Problem statement:
In the records below, tally each line that contains the word "ihnen" and give the total only.

Records contained in a dataset:
++++++++

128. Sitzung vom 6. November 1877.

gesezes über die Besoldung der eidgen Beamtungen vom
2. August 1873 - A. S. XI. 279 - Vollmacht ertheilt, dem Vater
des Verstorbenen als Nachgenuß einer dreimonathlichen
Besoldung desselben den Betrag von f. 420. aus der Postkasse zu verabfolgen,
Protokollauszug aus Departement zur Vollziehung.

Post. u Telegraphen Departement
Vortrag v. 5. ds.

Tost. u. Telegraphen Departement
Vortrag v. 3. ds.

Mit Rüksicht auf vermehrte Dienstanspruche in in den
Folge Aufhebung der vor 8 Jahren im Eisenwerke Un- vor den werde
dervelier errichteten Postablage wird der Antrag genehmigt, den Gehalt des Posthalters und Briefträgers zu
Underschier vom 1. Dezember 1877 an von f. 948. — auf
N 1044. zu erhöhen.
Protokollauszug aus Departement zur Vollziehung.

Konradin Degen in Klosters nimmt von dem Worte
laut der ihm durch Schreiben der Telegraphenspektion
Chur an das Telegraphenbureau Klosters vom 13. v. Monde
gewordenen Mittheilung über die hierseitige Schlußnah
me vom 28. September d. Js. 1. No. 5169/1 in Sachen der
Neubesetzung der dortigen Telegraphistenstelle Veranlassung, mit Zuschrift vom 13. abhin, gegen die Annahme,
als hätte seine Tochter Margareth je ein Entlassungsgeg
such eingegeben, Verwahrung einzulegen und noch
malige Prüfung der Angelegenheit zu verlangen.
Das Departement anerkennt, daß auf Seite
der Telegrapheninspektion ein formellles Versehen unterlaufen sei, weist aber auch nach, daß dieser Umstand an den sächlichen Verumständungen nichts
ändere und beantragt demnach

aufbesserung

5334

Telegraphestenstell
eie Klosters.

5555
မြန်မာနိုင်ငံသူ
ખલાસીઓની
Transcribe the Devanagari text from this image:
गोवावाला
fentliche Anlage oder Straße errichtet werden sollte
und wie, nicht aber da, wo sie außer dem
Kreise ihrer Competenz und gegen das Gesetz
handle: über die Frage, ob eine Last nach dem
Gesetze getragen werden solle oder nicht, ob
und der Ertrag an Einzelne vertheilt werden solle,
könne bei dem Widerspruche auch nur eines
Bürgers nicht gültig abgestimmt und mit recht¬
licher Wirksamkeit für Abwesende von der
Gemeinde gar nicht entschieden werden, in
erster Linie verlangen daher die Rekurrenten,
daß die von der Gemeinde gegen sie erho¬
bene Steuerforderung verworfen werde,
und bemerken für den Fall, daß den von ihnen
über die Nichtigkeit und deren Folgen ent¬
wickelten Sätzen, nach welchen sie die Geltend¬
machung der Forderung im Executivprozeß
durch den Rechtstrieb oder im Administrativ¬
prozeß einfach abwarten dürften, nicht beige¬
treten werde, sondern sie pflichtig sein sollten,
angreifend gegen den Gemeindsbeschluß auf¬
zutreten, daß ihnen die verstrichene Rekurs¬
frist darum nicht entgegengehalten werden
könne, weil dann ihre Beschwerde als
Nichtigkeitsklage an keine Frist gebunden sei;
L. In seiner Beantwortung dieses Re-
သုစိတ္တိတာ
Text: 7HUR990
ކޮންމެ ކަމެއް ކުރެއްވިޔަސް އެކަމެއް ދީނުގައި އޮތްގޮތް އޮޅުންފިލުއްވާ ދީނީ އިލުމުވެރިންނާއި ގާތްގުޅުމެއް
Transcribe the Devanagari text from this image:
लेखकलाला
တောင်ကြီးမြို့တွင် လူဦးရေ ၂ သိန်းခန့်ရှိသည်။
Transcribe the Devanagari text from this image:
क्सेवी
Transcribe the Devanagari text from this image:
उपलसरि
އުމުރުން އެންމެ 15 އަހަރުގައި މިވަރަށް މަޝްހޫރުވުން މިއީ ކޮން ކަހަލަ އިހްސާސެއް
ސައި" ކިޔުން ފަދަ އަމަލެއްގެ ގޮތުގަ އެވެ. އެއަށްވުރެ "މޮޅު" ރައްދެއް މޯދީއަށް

++++++++

Response to this task:
2